Molto dipenderà anche da come verrà distribuito il valore lungo la filiera: se i benefici si fermeranno ai grandi conglomerati, o se coinvolgeranno davvero piccoli produttori e comunità rurali.

Un Paese, una pianta e il futuro dell’aviazione

La scommessa indonesiana sul jet fuel da olio di palma ha qualcosa di profondamente emblematico. È come se il Paese stesse provando a riscrivere la storia di una pianta che, finora, è stata sinonimo di deforestazione e monocoltura, trasformandola in uno strumento — imperfetto, certo, ma concreto — per ridurre le emissioni dell’industria che più di tutte incarna l’idea di globalizzazione: l’aviazione.

Se il progetto funzionerà, l’Indonesia potrà dire di aver usato la propria realtà — non quella ideale dei manuali — per rispondere a una sfida planetaria. Se invece fallirà, rischierà di essere ricordata come il Paese che ha provato a chiamare “sostenibile” ciò che il mondo non era pronto ad accettare come tale.

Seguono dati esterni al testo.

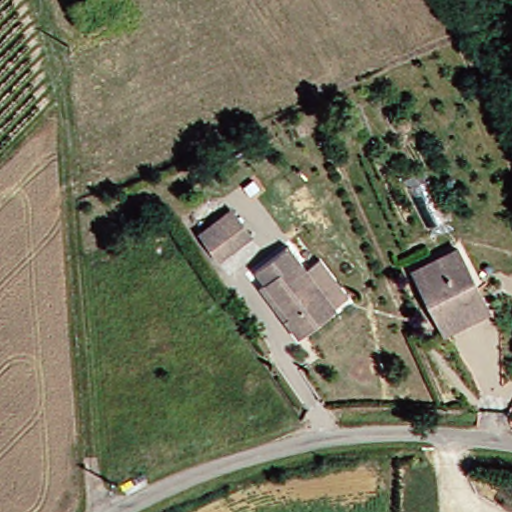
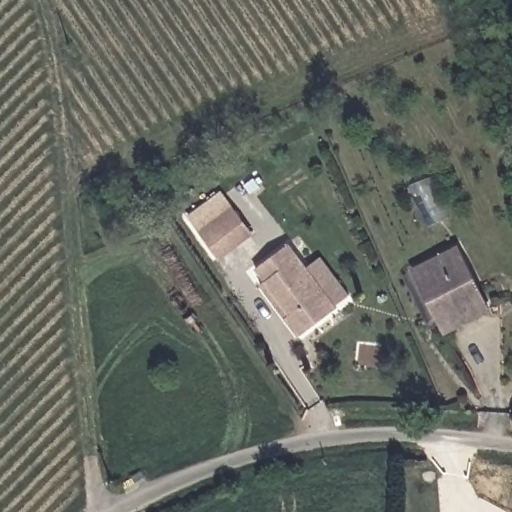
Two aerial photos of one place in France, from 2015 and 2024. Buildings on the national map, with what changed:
unchanged [(208,251),(191,226),(223,205),(239,230),(208,251)]
unchanged [(251,282),(241,269),(274,244),(323,308),(285,337),(271,318),(276,315),(251,282)]
unchanged [(447,246),(472,295),(478,308),(434,331),(402,268),(447,246)]

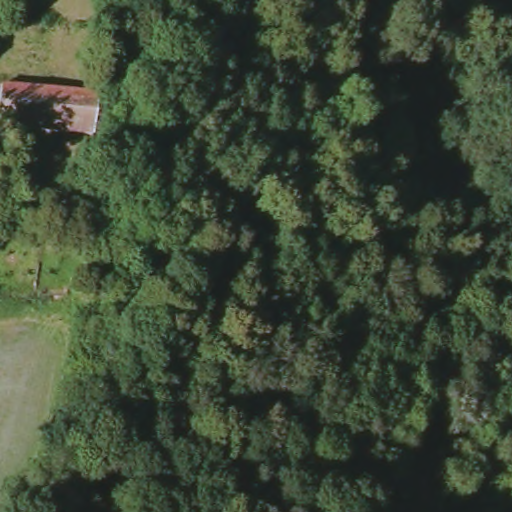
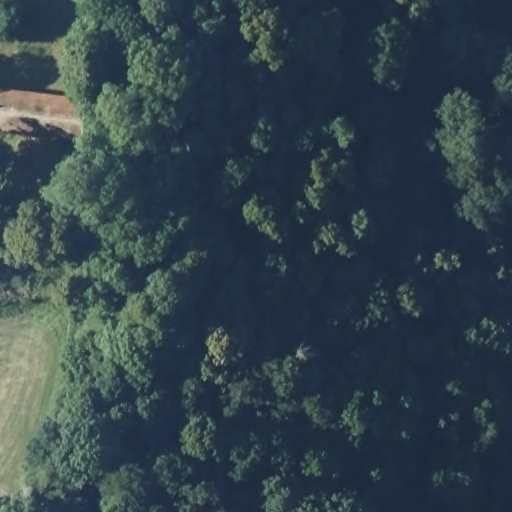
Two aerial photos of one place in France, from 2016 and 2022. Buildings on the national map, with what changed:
unchanged [(2,85),(102,97),(105,97),(96,143),(0,127),(0,96),(2,85)]

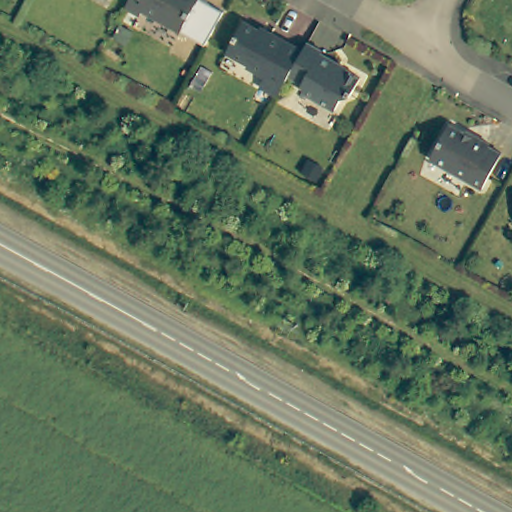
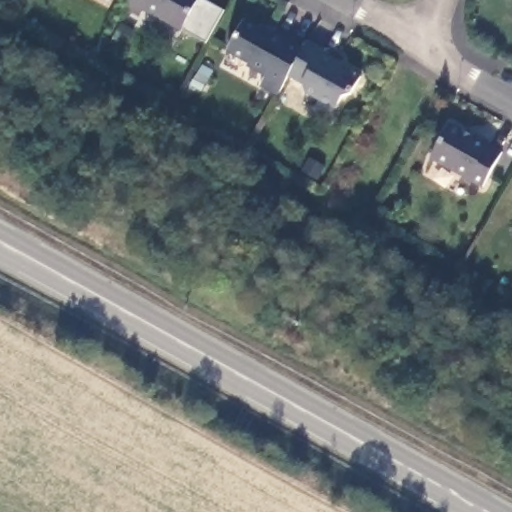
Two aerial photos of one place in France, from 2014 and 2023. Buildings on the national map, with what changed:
unchanged [(145,10),(142,15),(125,5),(127,0),(200,0),(183,30),(145,10)]
unchanged [(257,26),(259,22),(283,37),(300,46),(296,54),(286,72),(275,91),(258,81),(263,71),(245,61),(247,59),(225,47),(242,17),(257,26)]
unchanged [(320,44),(317,49),(335,57),(333,60),(357,74),(349,90),(341,94),(335,105),(316,96),(314,86),(286,72),(296,54),(300,46),(306,37),(320,44)]
unchanged [(486,145),(500,152),(482,185),(431,156),(450,125),(472,137),(475,132),(490,140),(486,145)]

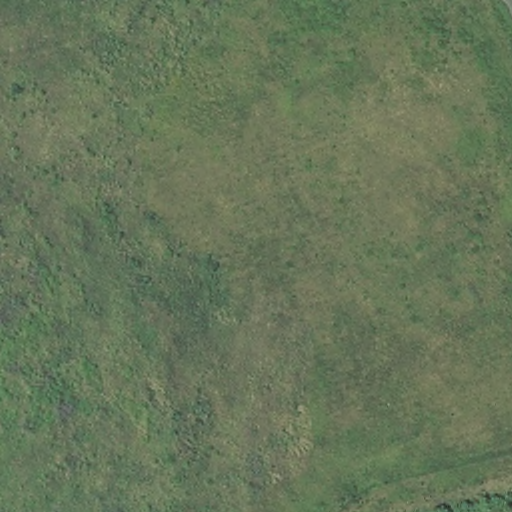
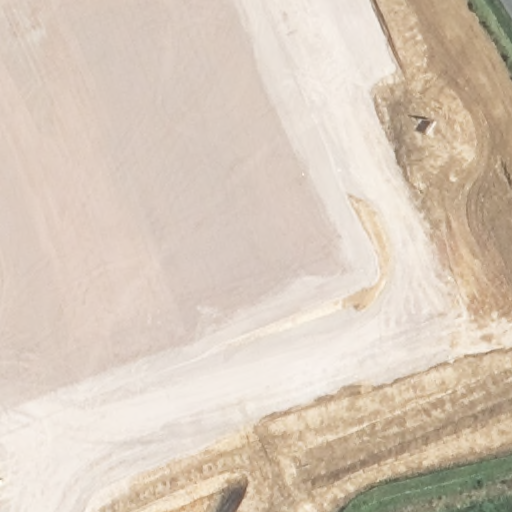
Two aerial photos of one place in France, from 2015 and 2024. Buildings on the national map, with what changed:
[]

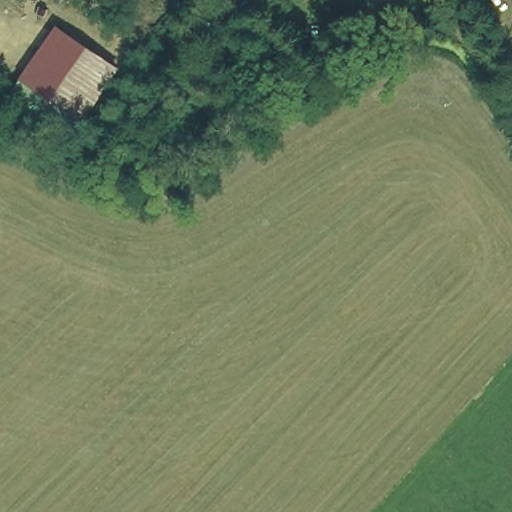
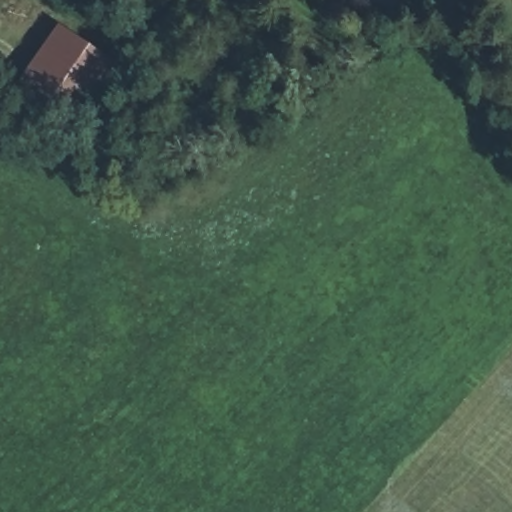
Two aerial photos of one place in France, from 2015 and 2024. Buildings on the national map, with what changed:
unchanged [(95,82),(79,105),(32,72),(44,56),(50,47),(62,30),(110,62),(97,79),(95,82)]

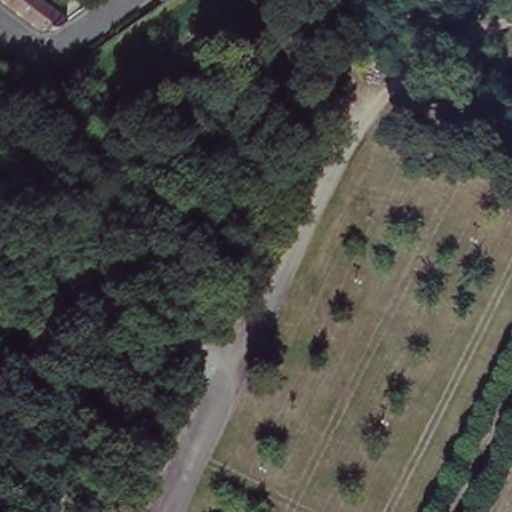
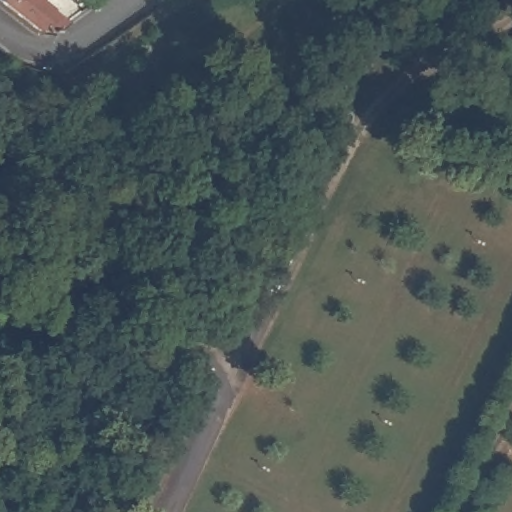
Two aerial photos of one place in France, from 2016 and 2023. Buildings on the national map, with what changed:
unchanged [(71,17),(62,24),(46,27),(12,0),(50,0),(71,17)]

In ogni caso, una cosa è già chiara:
il futuro dei cieli non si deciderà solo negli hangar e negli uffici delle compagnie aeree, ma nei campi, nelle raffinerie, nei laboratori dove si sperimenta come trasformare biomasse e molecole in qualcosa che possa far volare il mondo con un peso minore sul clima.

L’Indonesia, nel bene e nel male, ha scelto di stare lì, nel mezzo di questa trasformazione. Con una pianta antica, un’industria moderna e una domanda che non farà sconti: quanto siamo davvero disposti a cambiare per continuare a volare?